WORK ITEM:
After finding the line with "Gel camera, home-made" in the entries below, copy that line and each one after it exactly, through the last line, and omit pictures.

GIVEN RECORDS:
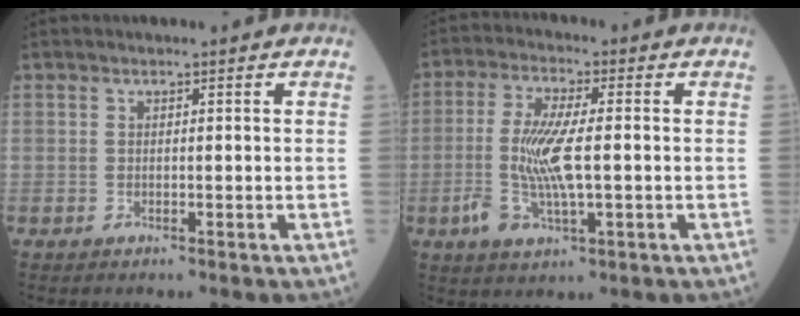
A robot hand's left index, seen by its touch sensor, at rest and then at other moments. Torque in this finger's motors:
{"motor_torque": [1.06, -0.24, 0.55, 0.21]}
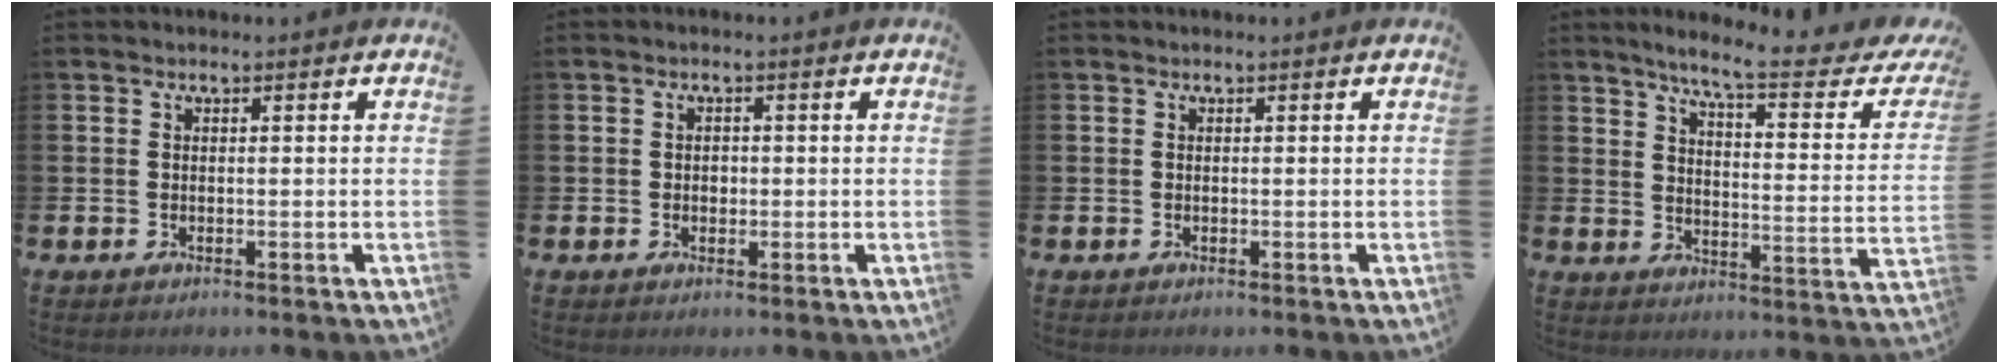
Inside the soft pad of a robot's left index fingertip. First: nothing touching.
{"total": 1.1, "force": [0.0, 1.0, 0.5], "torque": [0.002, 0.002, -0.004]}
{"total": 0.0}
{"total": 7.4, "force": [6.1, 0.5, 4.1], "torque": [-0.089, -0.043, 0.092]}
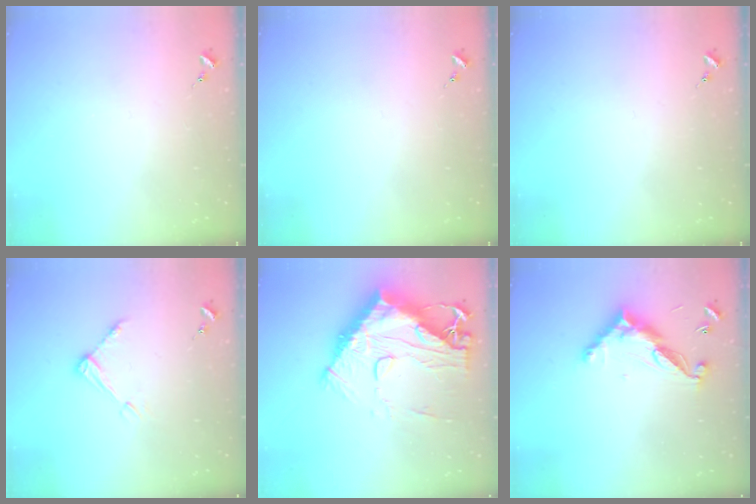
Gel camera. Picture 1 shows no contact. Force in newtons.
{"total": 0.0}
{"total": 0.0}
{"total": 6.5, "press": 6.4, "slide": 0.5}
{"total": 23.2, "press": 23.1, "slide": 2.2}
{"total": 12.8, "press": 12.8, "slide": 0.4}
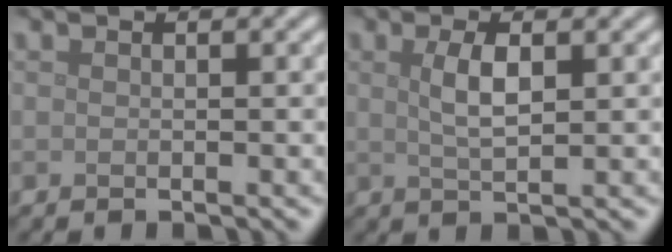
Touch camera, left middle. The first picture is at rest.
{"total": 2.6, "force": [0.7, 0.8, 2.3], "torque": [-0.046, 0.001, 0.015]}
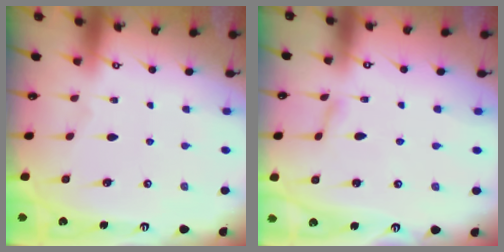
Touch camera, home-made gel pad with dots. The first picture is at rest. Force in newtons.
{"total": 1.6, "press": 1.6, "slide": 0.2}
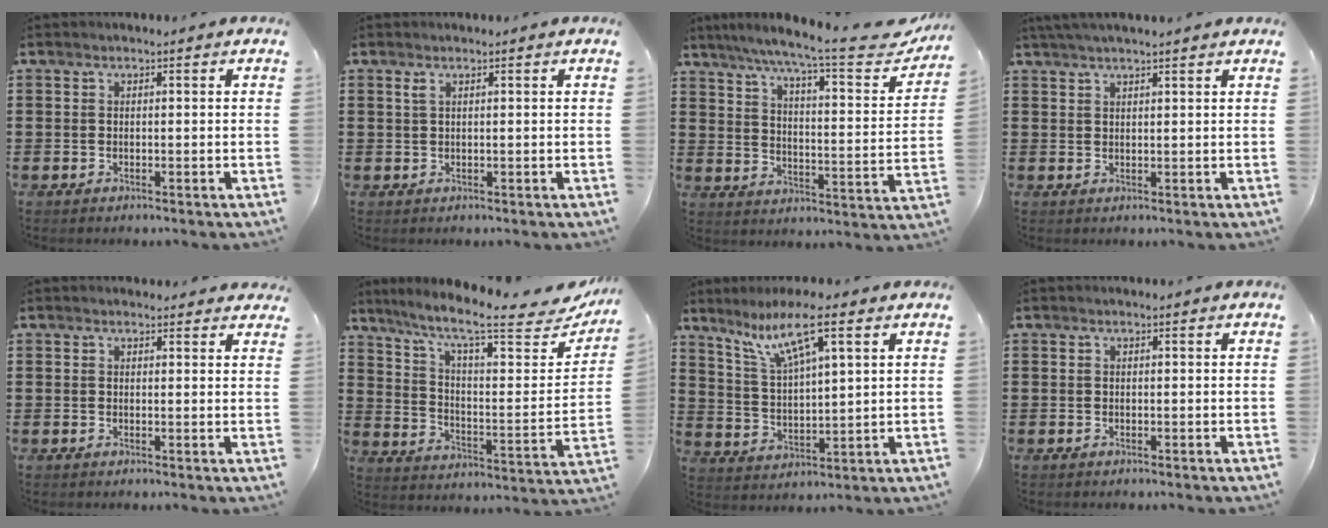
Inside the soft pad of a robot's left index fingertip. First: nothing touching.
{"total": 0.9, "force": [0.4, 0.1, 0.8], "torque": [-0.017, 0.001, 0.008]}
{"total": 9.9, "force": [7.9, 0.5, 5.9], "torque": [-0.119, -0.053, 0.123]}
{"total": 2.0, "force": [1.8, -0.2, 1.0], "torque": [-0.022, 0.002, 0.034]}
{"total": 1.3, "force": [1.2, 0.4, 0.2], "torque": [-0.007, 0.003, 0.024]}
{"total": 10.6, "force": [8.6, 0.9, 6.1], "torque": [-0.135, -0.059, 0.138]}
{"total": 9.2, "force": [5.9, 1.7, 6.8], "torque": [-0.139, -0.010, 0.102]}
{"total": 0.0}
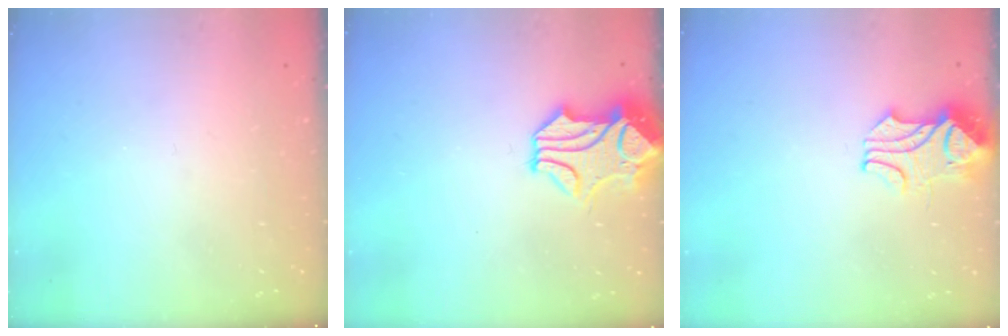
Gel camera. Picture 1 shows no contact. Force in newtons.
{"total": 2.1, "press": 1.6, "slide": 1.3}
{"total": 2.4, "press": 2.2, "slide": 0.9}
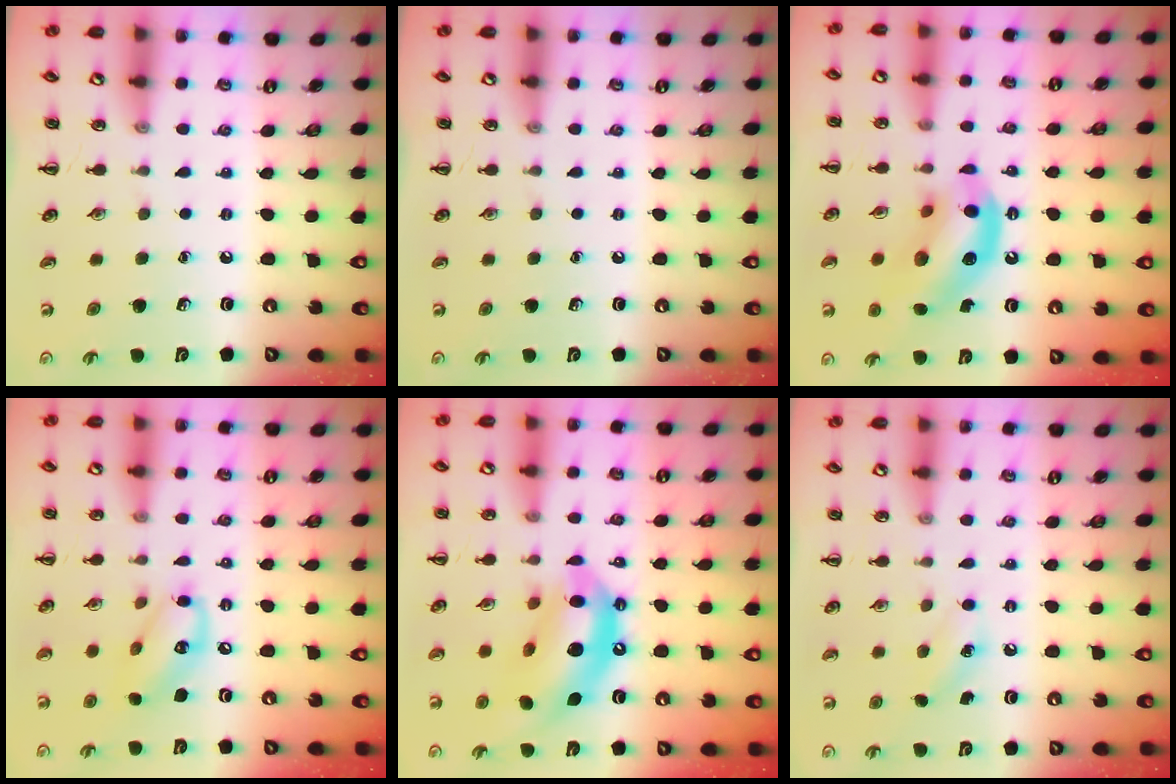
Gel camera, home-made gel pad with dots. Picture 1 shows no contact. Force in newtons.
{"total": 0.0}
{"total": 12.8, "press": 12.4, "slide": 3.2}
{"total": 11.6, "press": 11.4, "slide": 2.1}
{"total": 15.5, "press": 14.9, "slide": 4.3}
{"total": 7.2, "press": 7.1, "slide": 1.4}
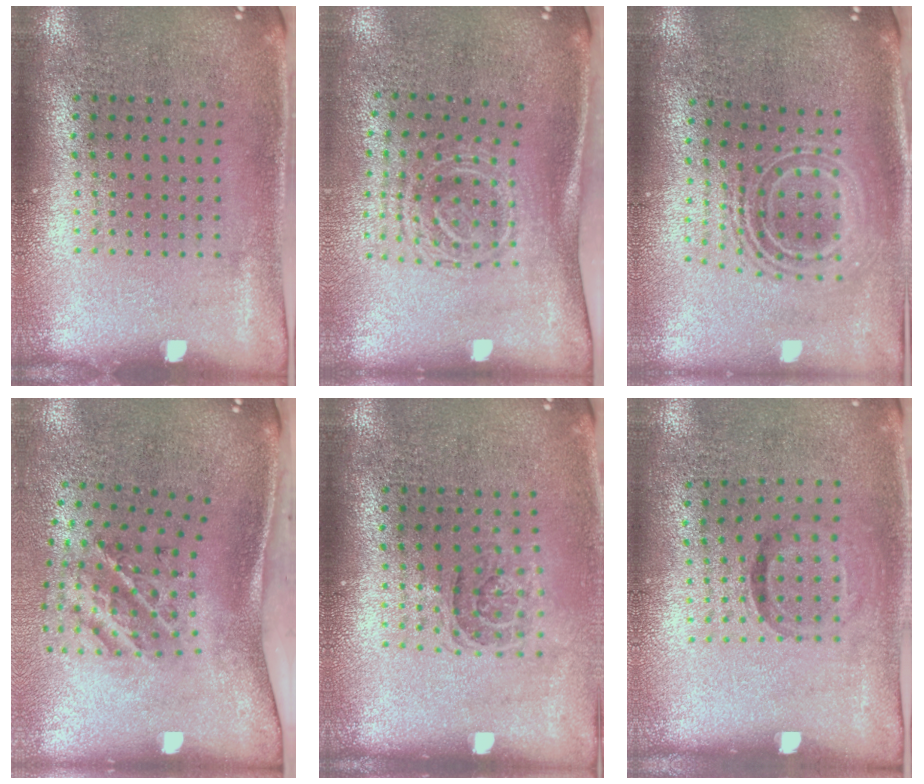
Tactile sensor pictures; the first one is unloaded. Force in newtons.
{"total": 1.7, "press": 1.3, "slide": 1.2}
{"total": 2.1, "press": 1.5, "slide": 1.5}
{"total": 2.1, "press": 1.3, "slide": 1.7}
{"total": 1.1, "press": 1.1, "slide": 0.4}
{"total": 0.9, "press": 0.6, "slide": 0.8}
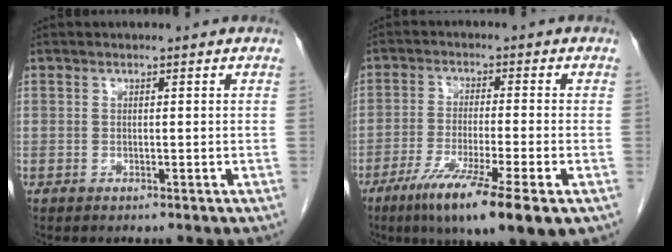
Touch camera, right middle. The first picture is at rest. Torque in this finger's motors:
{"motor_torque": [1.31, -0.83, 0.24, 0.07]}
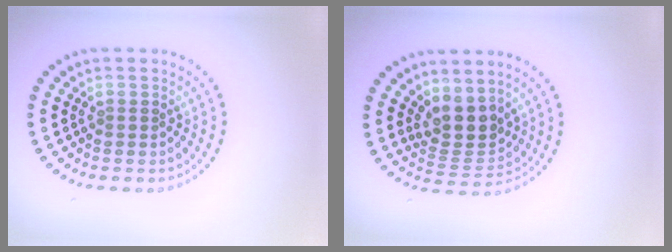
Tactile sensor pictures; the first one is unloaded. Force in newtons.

SOLUTION TO THIS EXERCISE:
Gel camera, home-made gel pad with dots. Picture 1 shows no contact. Force in newtons.
{"total": 0.0}
{"total": 12.8, "press": 12.4, "slide": 3.2}
{"total": 11.6, "press": 11.4, "slide": 2.1}
{"total": 15.5, "press": 14.9, "slide": 4.3}
{"total": 7.2, "press": 7.1, "slide": 1.4}
Tactile sensor pictures; the first one is unloaded. Force in newtons.
{"total": 1.7, "press": 1.3, "slide": 1.2}
{"total": 2.1, "press": 1.5, "slide": 1.5}
{"total": 2.1, "press": 1.3, "slide": 1.7}
{"total": 1.1, "press": 1.1, "slide": 0.4}
{"total": 0.9, "press": 0.6, "slide": 0.8}
Touch camera, right middle. The first picture is at rest. Torque in this finger's motors:
{"motor_torque": [1.31, -0.83, 0.24, 0.07]}
Tactile sensor pictures; the first one is unloaded. Force in newtons.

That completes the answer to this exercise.